In [1]:
import sqlite3
import pandas as pd
import os

This notebook serves the purpose of being a display of general SQL knowledge as part of a portfolio. An e-commerce dataset will be analysed as part of this project.
[Click here for dataset link.](https://www.kaggle.com/datasets/olistbr/brazilian-ecommerce/data)

# Dataset

In [2]:
folder_path = '/kaggle/input/brazilian-ecommerce'

# initialize empty list to store summary information
summaries = pd.DataFrame(columns=['Table Name', 'rows', 'columns', 'missing values', 'columns with missing values'])
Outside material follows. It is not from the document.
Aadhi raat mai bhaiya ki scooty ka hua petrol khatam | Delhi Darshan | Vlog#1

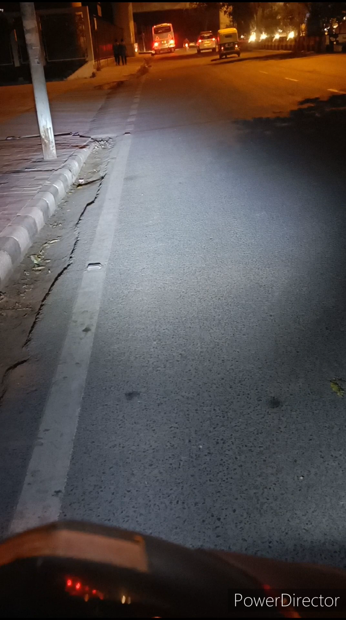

# For each csv file, extract relevant summaries
for files in os.listdir(folder_path):
    file_path = os.path.join(folder_path, files)
    df = pd.read_csv(file_path)
    num_rows = df.shape[0]
    num_cols = df.shape[1]
    num_missing_values = df.isnull().sum().sum()
    cols_with_missing_values = df.columns[df.isnull().any()].tolist()
    summary = [files, num_rows, num_cols, num_missing_values, cols_with_missing_values]
    summaries.loc[len(summaries)]=summary

In [3]:
# display the summaries
pd.set_option('display.max_colwidth', 500)
summaries

Unnamed: 0,Table Name,rows,columns,missing values,columns with missing values
0,olist_customers_dataset.csv,99441,5,0,[]
1,olist_sellers_dataset.csv,3095,4,0,[]
2,olist_order_reviews_dataset.csv,99224,7,145903,"[review_comment_title, review_comment_message]"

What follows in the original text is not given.